#### WORK TO BE COMPLETED
Every line in the listing below from the one with "Rafael AEROSPIKE Guided" through the one with "Seeing Into The" is to be reproduced exactly, both ends included; leave out the rest.

#### SOURCE DATA
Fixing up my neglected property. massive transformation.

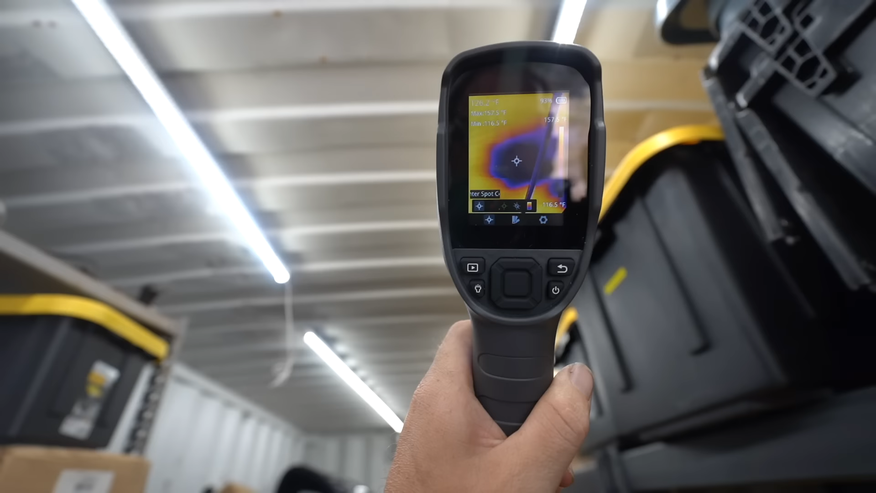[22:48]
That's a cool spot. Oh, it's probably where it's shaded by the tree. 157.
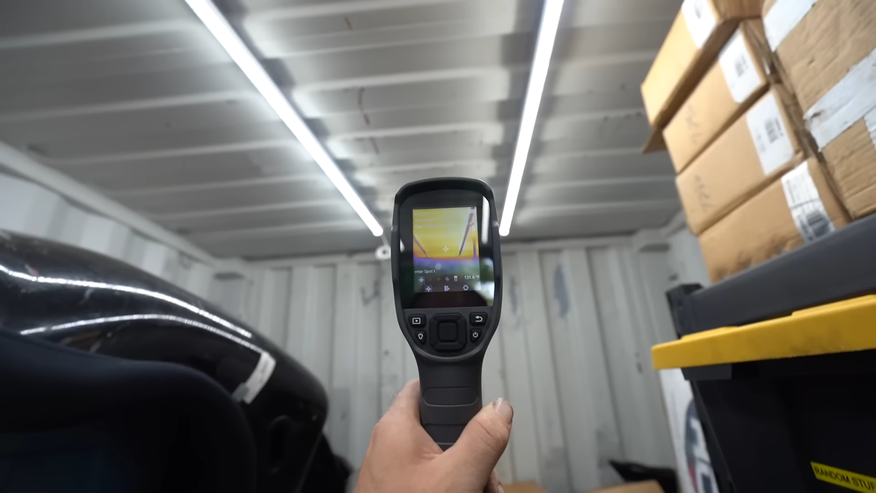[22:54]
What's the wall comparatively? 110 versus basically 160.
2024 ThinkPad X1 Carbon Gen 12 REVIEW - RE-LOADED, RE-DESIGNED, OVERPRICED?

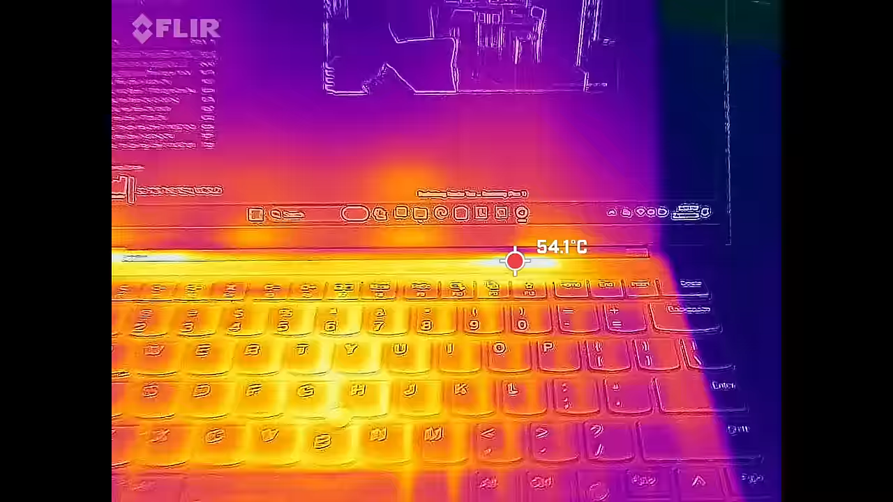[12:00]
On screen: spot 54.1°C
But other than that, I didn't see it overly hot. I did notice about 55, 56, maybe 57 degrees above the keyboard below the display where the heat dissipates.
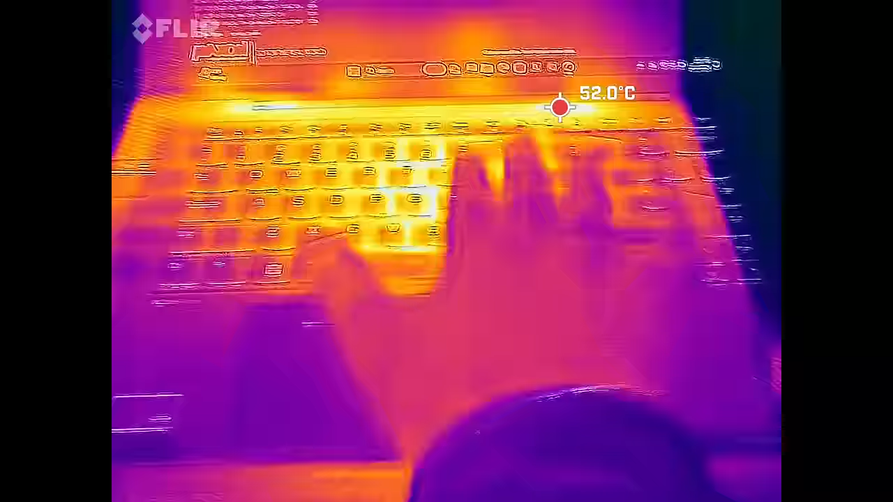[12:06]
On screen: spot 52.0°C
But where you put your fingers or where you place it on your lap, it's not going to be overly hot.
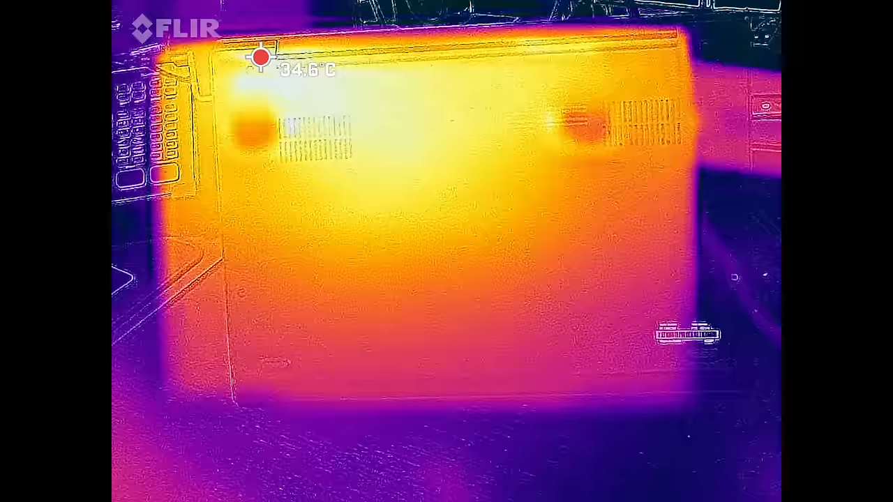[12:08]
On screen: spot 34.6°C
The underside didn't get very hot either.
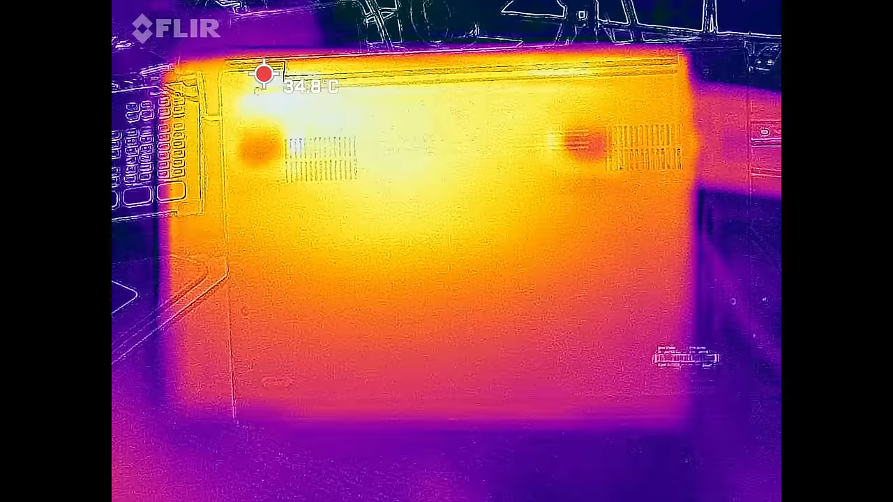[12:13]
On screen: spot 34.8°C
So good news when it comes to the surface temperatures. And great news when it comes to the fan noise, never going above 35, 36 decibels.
---
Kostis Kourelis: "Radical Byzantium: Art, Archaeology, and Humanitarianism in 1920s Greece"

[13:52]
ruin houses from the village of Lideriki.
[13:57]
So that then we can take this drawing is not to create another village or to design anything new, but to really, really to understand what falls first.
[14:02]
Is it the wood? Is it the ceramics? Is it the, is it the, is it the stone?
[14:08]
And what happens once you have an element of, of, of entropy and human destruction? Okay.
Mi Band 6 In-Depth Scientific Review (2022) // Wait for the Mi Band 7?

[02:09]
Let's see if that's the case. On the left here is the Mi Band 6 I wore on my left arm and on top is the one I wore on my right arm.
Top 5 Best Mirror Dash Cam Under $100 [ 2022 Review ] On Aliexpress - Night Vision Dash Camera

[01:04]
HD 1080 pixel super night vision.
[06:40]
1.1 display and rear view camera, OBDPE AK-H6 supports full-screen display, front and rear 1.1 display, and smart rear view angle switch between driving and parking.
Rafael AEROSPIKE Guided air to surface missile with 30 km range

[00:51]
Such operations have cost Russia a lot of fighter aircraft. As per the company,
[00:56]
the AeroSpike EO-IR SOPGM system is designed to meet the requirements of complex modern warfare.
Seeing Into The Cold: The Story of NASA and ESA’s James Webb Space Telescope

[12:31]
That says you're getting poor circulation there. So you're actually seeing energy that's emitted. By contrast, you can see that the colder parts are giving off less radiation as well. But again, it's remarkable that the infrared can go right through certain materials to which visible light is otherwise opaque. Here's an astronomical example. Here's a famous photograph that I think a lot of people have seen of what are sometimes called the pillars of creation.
==
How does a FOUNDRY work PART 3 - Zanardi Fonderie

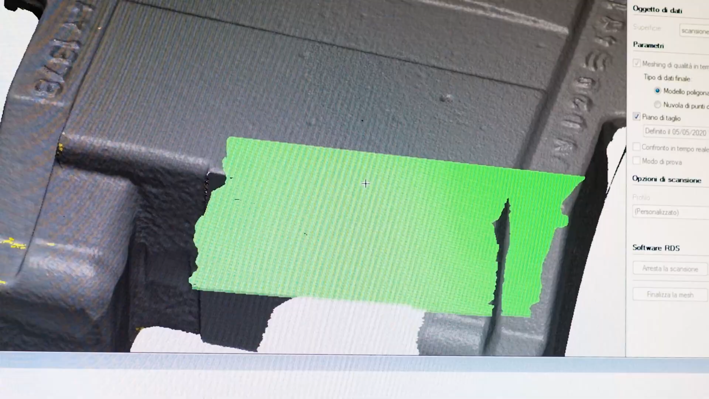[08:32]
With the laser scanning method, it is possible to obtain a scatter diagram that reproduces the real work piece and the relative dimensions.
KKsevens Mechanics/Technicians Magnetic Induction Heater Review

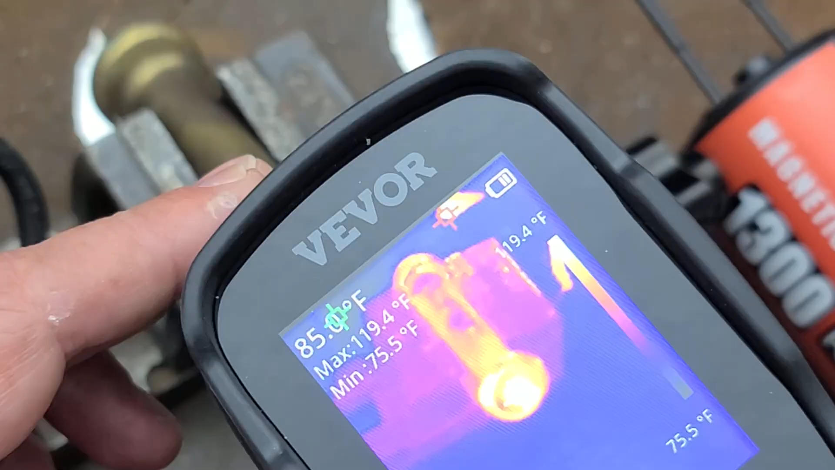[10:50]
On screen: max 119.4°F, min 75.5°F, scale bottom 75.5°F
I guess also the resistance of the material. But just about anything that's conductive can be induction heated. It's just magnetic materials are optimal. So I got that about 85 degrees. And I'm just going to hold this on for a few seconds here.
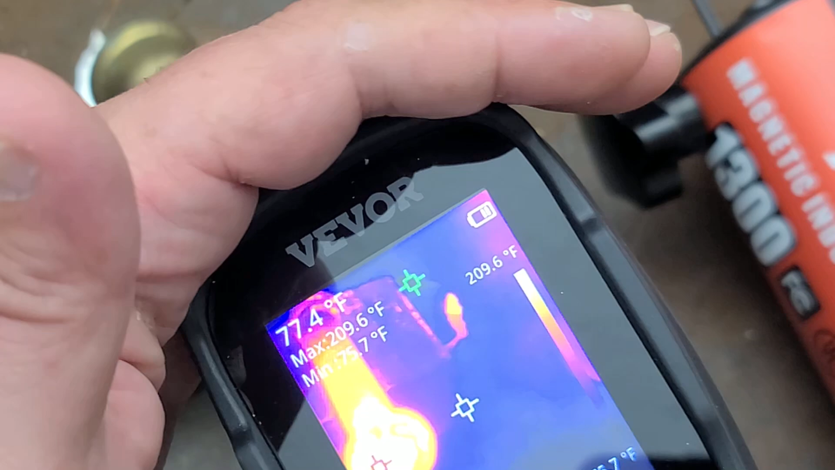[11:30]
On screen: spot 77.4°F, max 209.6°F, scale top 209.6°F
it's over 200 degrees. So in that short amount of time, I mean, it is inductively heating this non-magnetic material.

#### EXERCISE ANSWER
Rafael AEROSPIKE Guided air to surface missile with 30 km range

[00:51]
Such operations have cost Russia a lot of fighter aircraft. As per the company,
[00:56]
the AeroSpike EO-IR SOPGM system is designed to meet the requirements of complex modern warfare.
Seeing Into The Cold: The Story of NASA and ESA’s James Webb Space Telescope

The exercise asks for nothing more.